Why Feedburner is trouble
Saturday, July 21, 2007 by Dave Winer.
When Feedburner first came online I warned that there was danger in giving so much power to one company. They argued that they were just a little company, struggling to make a go of it, and no one should fear them. Some of them even took the predictable political tactic of trashing the personality of the person raising the question. I held my ground. I've been around this business a long time, and I was sure their strategy was to sell to a bigger company, and I don't trust big companies.

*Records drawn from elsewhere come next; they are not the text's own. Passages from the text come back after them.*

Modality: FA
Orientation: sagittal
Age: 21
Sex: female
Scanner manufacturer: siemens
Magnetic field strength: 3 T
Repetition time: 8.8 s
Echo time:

People at big companies often are underpaid, with stock options going nowhere, and feel unappreciated by their colleagues, and when they look outside their company they see lots of people who look happy and successful, making more money than they are, without the political troubles and strategy taxes, and they feel like they're doing all the work. (Of course we look at them and see much the same thing, the grass is always greener over there.)
So now someone at Google "owns" Feedburner and all their feeds. And they could, if they wanted to, change the feeds to another format, overnight, without asking anyone. Reader software might have trouble working with it. They would say "Oh but the new feeds work better with Google Reader, and that's the one most people use." And by the way, more and more that's true these days. But what about other feed suppliers? Do they have to change to work with Google Reader? They will say no, but there may turn out to be practical reasons why they must.
People at Microsoft used to say that Windows isn't ready to ship until Lotus doesn't run. That's not a typo. You'd think it would be the other way around, that a popular operating system would never hold the users of a popular spreadsheet hostage. But it could happen when they have their own spreadsheet and want you to switch. Or if they want everyone to put ads in their feeds. Who would miss a few blogs here and there, don't we all use Blogger anyway (that's one area where they haven't taken over, btw, thankfully).
I would have been concerned no matter who bought Feedburner, had it been Microsoft or Yahoo, or Fox or even Cisco, or if they hadn't sold out at all. Little companies can sometimes do desperate things when new management comes in.
These technologies work best when there's lots of competition and lots of choice, and when users are alert and don't trust companies that don't deserve their trust. But I can't say I've ever seen that happen for any sustained period, but I still have hope it could happen someday.